There are so many shitty engineers, shitty lawyers, shitty automotive
mechanics, doctors and hosts out there that your market differentiation can
literally be phrased in a sentence: "Be just a little bit more competent &
reliable than your lazy competition". I'm not the smartest guy, but being
dependable to your customers is certainly worth paying the premium.[3]

[0] I've got a lot of equipment with them so I'd expect that kind of treatment
if I was operating under my own account but this was off a brand-new account
where a speculator bought an energies trading platform from a distressed
company.

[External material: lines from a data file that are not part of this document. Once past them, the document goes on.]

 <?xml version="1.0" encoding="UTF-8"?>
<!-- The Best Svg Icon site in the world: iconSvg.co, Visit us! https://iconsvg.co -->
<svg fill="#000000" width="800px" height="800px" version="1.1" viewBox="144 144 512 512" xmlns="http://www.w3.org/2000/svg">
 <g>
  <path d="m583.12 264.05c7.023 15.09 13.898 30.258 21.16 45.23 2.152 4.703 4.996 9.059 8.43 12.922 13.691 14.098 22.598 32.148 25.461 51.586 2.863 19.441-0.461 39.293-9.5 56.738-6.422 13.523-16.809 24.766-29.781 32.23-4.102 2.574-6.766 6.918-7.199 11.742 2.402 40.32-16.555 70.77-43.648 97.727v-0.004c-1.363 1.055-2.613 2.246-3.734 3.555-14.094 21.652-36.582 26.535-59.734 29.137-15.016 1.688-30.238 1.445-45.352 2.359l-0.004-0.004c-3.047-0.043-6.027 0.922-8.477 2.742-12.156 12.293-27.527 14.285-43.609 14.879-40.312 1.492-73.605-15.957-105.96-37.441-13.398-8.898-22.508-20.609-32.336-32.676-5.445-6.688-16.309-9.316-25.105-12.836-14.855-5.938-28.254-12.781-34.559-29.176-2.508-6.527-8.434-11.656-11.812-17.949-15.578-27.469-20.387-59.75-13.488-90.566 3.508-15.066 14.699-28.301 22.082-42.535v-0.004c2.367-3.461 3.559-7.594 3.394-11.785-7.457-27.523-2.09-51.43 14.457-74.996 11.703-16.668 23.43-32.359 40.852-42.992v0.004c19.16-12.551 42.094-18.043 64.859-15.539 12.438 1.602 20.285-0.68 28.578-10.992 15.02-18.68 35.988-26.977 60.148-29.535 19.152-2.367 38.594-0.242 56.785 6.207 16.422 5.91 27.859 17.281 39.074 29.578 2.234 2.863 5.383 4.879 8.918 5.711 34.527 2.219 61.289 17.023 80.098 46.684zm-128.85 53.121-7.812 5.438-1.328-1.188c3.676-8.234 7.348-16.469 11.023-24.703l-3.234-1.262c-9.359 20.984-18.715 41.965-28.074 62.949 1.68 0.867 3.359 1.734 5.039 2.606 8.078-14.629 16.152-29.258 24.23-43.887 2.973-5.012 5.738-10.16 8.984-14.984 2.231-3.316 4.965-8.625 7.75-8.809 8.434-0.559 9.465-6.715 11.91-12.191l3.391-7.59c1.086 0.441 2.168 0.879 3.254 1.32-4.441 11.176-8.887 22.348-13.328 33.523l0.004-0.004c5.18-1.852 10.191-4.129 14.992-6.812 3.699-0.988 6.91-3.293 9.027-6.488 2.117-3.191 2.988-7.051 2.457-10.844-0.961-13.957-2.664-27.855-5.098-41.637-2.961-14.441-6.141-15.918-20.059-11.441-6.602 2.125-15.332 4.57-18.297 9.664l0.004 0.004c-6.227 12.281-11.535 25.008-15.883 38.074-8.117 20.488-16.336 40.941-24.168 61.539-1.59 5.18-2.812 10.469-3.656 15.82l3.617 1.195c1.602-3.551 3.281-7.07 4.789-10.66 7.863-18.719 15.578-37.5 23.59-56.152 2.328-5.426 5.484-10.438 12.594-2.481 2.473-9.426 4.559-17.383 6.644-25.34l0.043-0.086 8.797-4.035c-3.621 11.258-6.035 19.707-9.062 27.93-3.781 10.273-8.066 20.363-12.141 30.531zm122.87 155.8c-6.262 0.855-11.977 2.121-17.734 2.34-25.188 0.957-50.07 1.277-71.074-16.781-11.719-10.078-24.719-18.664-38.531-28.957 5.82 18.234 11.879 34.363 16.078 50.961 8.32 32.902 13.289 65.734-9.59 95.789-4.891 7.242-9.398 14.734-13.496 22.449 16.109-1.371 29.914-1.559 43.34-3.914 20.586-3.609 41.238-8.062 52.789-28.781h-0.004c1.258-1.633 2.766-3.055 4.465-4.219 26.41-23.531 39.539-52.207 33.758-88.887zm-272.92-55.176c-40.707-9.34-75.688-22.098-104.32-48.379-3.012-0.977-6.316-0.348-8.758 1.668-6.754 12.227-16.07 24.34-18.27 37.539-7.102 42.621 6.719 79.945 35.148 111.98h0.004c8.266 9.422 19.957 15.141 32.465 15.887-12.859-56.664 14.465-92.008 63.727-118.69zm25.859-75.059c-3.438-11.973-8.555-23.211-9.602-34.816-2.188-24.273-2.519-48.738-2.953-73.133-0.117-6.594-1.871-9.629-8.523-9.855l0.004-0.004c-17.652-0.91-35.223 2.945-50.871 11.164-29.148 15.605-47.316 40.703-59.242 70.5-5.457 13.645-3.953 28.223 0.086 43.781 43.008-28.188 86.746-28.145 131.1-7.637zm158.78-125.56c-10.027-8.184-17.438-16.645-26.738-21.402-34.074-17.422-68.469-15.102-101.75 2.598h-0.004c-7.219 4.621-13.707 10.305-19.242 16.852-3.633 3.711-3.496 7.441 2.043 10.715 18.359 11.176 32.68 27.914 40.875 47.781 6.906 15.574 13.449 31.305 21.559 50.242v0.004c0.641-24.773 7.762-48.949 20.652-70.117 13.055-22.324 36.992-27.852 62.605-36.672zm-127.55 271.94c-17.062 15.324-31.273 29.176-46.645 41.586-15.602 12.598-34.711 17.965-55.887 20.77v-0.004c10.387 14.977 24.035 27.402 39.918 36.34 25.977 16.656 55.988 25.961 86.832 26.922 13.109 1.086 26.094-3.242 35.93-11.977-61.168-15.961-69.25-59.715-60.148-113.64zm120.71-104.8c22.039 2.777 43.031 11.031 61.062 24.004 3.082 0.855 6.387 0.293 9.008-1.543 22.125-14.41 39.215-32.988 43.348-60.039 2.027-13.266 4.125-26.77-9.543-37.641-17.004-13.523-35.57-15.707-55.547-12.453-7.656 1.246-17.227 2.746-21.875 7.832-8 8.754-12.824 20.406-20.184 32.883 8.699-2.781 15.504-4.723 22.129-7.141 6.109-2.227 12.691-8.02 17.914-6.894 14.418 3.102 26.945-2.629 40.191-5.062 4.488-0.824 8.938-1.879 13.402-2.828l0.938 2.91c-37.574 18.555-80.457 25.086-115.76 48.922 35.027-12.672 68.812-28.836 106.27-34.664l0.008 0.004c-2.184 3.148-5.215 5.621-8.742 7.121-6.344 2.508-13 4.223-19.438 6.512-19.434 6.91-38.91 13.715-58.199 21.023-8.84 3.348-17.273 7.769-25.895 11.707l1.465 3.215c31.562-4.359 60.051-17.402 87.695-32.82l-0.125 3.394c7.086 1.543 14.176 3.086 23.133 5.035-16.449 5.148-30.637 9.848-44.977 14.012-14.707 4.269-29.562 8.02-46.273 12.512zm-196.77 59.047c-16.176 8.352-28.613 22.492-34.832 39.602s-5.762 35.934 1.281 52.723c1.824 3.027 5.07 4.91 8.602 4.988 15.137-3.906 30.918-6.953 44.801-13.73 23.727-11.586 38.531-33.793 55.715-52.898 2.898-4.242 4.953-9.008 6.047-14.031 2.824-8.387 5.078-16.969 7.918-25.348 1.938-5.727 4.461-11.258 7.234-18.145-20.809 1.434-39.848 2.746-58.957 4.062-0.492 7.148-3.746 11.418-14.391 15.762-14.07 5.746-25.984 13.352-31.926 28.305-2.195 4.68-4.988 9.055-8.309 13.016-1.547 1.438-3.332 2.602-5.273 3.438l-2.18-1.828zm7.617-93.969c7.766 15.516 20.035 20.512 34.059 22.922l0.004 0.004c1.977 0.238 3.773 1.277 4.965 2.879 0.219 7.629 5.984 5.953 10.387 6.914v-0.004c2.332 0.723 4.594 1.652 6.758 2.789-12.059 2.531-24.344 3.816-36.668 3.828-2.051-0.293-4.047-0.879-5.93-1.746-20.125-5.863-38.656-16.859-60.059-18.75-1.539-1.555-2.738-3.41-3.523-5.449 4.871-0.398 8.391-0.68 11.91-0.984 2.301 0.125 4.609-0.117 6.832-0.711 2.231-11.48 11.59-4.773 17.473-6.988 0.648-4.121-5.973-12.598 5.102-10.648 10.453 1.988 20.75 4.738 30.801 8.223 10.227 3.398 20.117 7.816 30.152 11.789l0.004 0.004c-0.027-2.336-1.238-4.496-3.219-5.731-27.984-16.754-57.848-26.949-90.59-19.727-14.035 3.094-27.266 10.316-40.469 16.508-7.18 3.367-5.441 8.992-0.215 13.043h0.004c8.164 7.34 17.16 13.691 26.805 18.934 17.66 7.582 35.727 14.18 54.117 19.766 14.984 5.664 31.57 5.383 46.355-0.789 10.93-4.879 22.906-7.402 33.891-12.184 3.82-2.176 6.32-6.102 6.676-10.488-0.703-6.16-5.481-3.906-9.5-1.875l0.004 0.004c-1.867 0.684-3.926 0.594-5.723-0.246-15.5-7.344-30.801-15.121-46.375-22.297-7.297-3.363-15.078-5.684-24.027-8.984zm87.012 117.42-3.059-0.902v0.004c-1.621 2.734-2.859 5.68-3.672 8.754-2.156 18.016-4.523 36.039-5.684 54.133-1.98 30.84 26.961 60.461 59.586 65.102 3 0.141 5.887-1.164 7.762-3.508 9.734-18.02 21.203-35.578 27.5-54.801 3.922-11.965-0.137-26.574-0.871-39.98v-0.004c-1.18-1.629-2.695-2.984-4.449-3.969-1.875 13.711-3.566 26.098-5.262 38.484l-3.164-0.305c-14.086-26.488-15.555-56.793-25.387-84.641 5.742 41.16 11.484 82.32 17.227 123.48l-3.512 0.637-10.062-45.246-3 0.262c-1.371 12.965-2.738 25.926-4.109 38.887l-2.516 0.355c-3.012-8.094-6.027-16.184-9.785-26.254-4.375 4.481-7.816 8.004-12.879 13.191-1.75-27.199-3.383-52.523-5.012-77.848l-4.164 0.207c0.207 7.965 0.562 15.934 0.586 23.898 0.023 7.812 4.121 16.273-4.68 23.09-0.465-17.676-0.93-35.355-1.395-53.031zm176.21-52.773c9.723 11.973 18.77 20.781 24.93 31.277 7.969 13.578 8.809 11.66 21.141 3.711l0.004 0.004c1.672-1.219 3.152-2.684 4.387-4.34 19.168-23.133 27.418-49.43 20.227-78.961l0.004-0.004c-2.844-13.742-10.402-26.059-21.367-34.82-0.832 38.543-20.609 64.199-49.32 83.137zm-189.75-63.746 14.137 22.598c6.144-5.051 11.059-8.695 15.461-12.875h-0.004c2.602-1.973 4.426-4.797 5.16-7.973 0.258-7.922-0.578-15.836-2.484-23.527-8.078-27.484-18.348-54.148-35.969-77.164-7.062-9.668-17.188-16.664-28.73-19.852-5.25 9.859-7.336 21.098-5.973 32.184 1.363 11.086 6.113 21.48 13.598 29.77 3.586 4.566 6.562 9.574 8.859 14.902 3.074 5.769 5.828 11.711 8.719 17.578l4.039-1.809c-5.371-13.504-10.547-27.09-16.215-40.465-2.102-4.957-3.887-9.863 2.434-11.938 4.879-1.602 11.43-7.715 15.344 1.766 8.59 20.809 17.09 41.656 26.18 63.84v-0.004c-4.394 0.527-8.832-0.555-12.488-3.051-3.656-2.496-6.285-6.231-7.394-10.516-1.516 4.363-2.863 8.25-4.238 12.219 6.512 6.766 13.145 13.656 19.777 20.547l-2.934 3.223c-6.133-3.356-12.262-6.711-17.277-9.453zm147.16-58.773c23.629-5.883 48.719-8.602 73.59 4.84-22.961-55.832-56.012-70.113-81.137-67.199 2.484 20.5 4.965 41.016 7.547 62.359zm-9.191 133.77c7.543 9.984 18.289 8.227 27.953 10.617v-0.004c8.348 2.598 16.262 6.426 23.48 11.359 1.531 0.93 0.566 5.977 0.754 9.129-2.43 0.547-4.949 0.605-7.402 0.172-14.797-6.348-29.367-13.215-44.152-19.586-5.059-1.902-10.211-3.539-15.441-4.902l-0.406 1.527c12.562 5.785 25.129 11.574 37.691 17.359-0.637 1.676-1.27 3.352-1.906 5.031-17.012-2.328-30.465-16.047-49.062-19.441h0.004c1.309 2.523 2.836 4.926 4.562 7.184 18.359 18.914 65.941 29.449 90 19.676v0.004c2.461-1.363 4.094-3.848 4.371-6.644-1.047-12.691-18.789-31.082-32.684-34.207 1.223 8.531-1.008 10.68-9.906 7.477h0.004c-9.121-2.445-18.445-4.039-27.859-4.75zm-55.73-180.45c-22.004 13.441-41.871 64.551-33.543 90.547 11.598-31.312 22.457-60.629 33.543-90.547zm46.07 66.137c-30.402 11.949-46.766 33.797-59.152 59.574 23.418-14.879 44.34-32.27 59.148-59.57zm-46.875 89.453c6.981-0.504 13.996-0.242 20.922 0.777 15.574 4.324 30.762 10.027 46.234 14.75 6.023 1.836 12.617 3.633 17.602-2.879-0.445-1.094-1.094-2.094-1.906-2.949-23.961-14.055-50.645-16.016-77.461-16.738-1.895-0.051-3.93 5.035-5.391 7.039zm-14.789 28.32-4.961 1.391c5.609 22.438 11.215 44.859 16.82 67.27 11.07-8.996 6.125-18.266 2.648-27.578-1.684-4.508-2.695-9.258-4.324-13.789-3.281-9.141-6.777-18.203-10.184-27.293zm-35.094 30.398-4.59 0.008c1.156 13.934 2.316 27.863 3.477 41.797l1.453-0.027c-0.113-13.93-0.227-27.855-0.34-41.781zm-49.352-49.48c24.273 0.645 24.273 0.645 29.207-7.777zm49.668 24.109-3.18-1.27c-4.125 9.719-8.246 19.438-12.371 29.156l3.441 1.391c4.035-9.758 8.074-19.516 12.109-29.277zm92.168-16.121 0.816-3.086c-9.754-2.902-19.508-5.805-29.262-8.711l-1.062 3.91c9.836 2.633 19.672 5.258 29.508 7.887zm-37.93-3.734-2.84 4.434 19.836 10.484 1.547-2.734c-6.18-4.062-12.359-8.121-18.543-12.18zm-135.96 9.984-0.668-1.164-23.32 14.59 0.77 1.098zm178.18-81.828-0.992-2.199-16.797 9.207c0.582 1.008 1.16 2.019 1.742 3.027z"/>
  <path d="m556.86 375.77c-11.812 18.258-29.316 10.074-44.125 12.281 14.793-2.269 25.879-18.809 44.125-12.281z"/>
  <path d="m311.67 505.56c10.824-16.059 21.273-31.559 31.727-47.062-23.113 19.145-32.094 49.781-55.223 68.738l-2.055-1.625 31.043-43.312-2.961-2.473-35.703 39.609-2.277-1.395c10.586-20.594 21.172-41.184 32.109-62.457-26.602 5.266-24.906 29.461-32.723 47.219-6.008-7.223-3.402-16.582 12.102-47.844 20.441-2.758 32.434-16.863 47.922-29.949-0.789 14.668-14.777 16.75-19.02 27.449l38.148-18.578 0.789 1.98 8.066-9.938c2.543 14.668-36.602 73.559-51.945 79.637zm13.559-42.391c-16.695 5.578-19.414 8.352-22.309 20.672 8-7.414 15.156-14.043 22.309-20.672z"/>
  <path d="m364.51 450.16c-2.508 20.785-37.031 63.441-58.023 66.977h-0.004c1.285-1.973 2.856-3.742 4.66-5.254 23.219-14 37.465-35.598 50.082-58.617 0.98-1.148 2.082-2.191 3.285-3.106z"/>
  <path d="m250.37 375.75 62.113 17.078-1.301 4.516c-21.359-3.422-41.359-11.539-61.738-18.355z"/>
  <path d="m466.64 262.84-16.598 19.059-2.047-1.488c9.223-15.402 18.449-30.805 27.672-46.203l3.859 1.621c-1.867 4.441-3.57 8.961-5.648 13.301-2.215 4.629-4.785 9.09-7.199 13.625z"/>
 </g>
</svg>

His IT partner didn't have much WebSphere experience so he brought me
in, gave me the company card and asked me to get it to work

[1] Even the high priced merchants in Shenzhen are significantly cheaper than
what we get at Digi-key and Mouser :(

[2] In that, you'd be very hard pressed to find an engineer who can code "high
level Perl" (it was as high level as web-apps went during the LiveJournal
days), could write Memcached, could write kernel patches for network drivers,
do UI (though things were admittedly far more simple then), all the while
taking care of the physical IT ops (see: Coders at Work, for a fantastic
account)

[3] And any client you have who doesn't recognize this, you should choose to
fire as soon as possible. They don't see the value in the services you deliver
and you surely aren't being compensated appropriately.

------
al2o3cr
Marketing page copy: "Unlimited 1GB servers"

FAQ when signed in: "Each plan has a maximum capacity for the amount of
servers its allowed to create. Due to the significant amount of dedicated
resources we provide, we can't literally give you unlimited servers. However,
you could upgrade your plan whenever you'd like."

So your marketing page is LITERALLY a lie. Good job.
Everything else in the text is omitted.